Direct COM opening fails when file paths contain CJK characters (garbled encoding in COM API). Solution:

```python
import shutil, tempfile, win32com.client, pythoncom

def extract_doc(filepath):
    tmp_dir = tempfile.mkdtemp(prefix='doc_')
    tmp_path = os.path.join(tmp_dir, f'doc_{seq}.doc')  # unique name per file
    shutil.copy2(filepath, tmp_path)

    pythoncom.CoInitialize()
    word = win32com.client.DispatchEx("Word.Application")
    word.Visible = False
    word.DisplayAlerts = 0

    doc = word.Documents.Open(str(Path(tmp_path).resolve()), ReadOnly=True)
    text = doc.Content.Text
    doc.Close(False)
    word.Quit()
    pythoncom.CoUninitialize()

    shutil.rmtree(tmp_dir, ignore_errors=True)
    return text
```

**Key points**:
- Use **unique temp file names** per document (avoid lock collisions — Word may not release the file immediately after `Close`)
- Keep ONE Word instance for batch processing (creating Word is slow, ~2s each)
- If a file causes Word to hang, restart the Word instance and continue
- `._` prefix files are macOS resource forks — skip them
- Tested: **99% success rate** on 500 CJK-path .doc files

### WPS Format Notes

`.wps` (doc), `.et` (spreadsheet), `.dps` (presentation) — WPS Office formats, common in China.
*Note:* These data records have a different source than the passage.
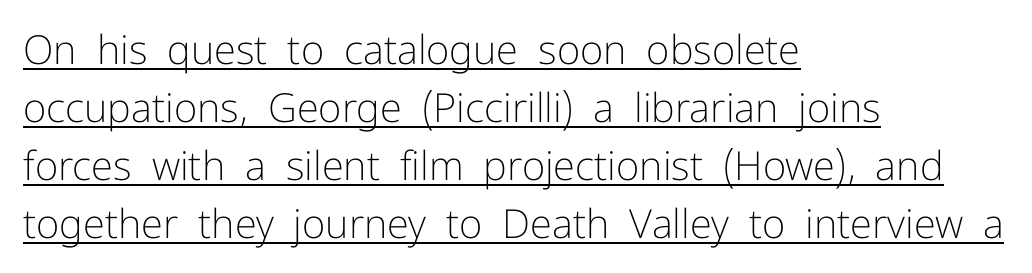
Q: Is the text bold? A: No.
Q: Is the text italic (slanted)? A: No, it is upright.
Q: Is the typeface a serif or a sans-serif typeface? A: Sans-serif.
Q: Is the text underlined? A: Yes.
Q: How is the paragraph aligned? A: Left-aligned.
Q: Is the spacing between letters normal or unusually wide? A: Normal.
Q: Is the spacing between lines tight, normal or loose? A: Normal.
Q: Width (condensed, normal, or wide)? A: Normal.
Q: Stroke contrast? A: Low.
Q: x-height? A: Medium.
Q: Monospaced? A: No.
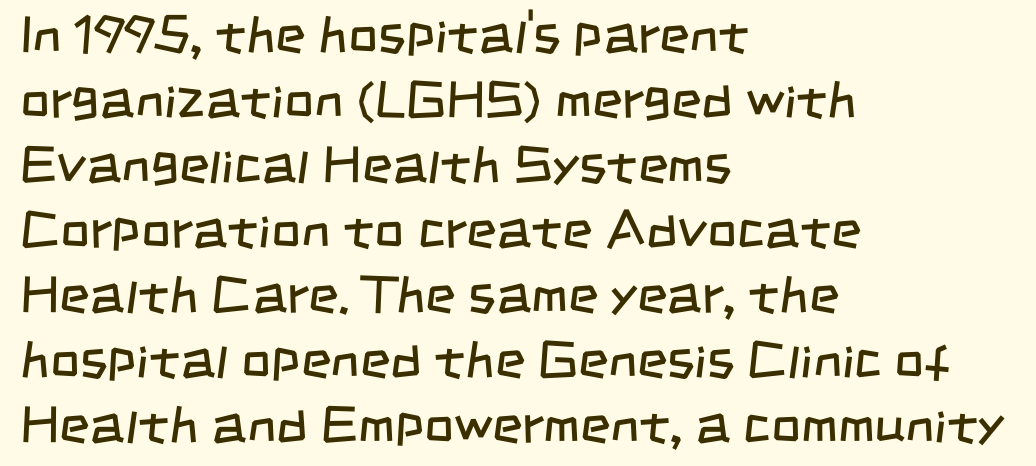
Q: Is the text bold? A: No.
Q: Is the typeface a serif or a sans-serif typeface? A: Sans-serif.
Q: Is the text underlined? A: No.
Q: How is the paragraph aligned? A: Left-aligned.
Q: Is the spacing between letters normal or unusually wide? A: Normal.
Q: Is the spacing between lines tight, normal or loose? A: Normal.
Q: Width (condensed, normal, or wide)? A: Condensed.
Q: Stroke contrast? A: Low.
Q: x-height? A: Large.
Q: Monospaced? A: No.
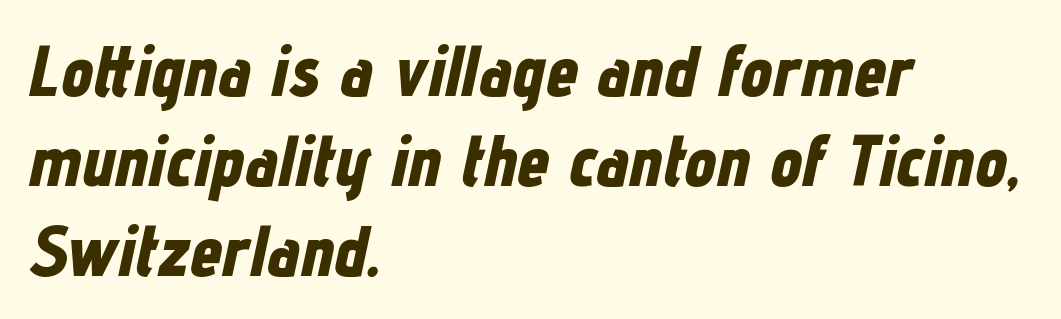
The image shows 72 px bold, condensed type, italic (leaning right); set left-aligned, normal line spacing (1.25x), normal letter spacing, not underlined; low stroke contrast and a medium x-height.
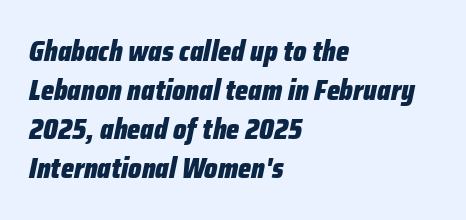
Q: Is the text bold? A: Yes.
Q: Is the text italic (slanted)? A: Yes, it leans right by about 12 degrees.
Q: Is the text underlined? A: No.
Q: How is the paragraph aligned? A: Left-aligned.
Q: Is the spacing between letters normal or unusually wide? A: Normal.
Q: Is the spacing between lines tight, normal or loose? A: Normal.
Q: Width (condensed, normal, or wide)? A: Condensed.
Q: Stroke contrast? A: Low.
Q: x-height? A: Medium.
Q: Monospaced? A: No.
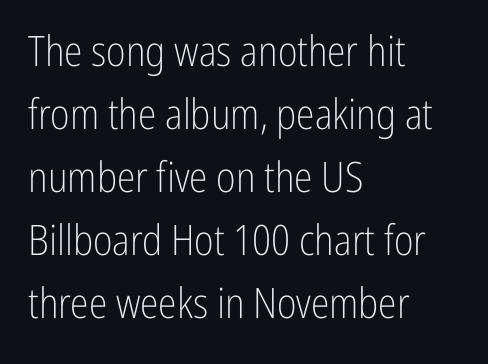
The image shows 42 px light, condensed sans-serif type, upright; set left-aligned, normal line spacing (1.5x), normal letter spacing, not underlined; low stroke contrast and a medium x-height.
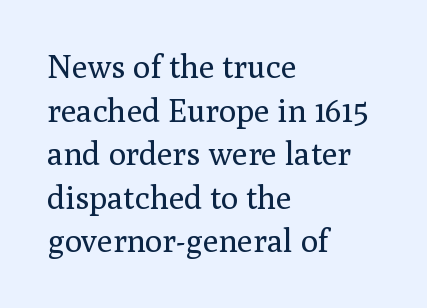
{"serif": "yes", "italic": "no", "bold": "no", "weight": "regular", "width": "normal", "stroke_contrast": "medium", "x_height": "medium", "monospaced": "no", "underline": "no", "align": "left", "line_spacing": "normal", "line_spacing_ratio": 1.36, "letter_spacing": "normal", "letter_spacing_em": 0.0, "glyph_px": 32}

Convert via LibreOffice `--convert-to` to standard formats, then extract normally.

### Image Processing

.docx/.pdf embedded images (architecture diagrams, ER diagrams, flowcharts):
- .docx: python-docx `document.inline_shapes` and `document.part.rels`
- .pdf: PyMuPDF per-page or per-image extraction
- Feed to multimodal LLM for visual analysis
- If LLM doesn't support images: note in review.md for manual review

## Python Dependencies

### Core (required)

```bash
pip install python-docx openpyxl xlrd PyMuPDF Pillow python-pptx pyyaml
```

| Package | Purpose |
|---------|---------|
| python-docx | .docx text/tables/images |
| openpyxl | .xlsx reading |
| xlrd | .xls (legacy) reading |
| PyMuPDF (fitz) | .pdf text/images |
| Pillow | Image processing |
| python-pptx | .pptx slides/notes |
| pyyaml | schema.yaml read/write |

### Platform-specific

```bash
# Windows .doc conversion (requires Microsoft Word installed)
pip install pywin32

# Linux/macOS .doc/.wps conversion
sudo apt install libreoffice  # or: brew install libreoffice
```

### Optional

```bash
pip install striprtf odfpy olefile
```

| Package | Purpose |
|---------|---------|
| striprtf | .rtf text extraction |
| odfpy | OpenDocument (.odt/.ods/.odp) |
| olefile | .doc OLE2 structure parsing (fallback when COM unavailable) |

### LLM Requirements

| Capability | Purpose | Minimum |
|-----------|---------|---------|
| Text understanding | Phase 2.2 semantic reading | Any long-context LLM |
| Multimodal image input | Phase 2.2 image analysis | Claude Opus/Sonnet, GPT-4o |
| Tool use | Phase 2.2 structured output | Recommended, not required |

Step 1 (scan_filesystem.py) uses only Python stdlib — no extra deps.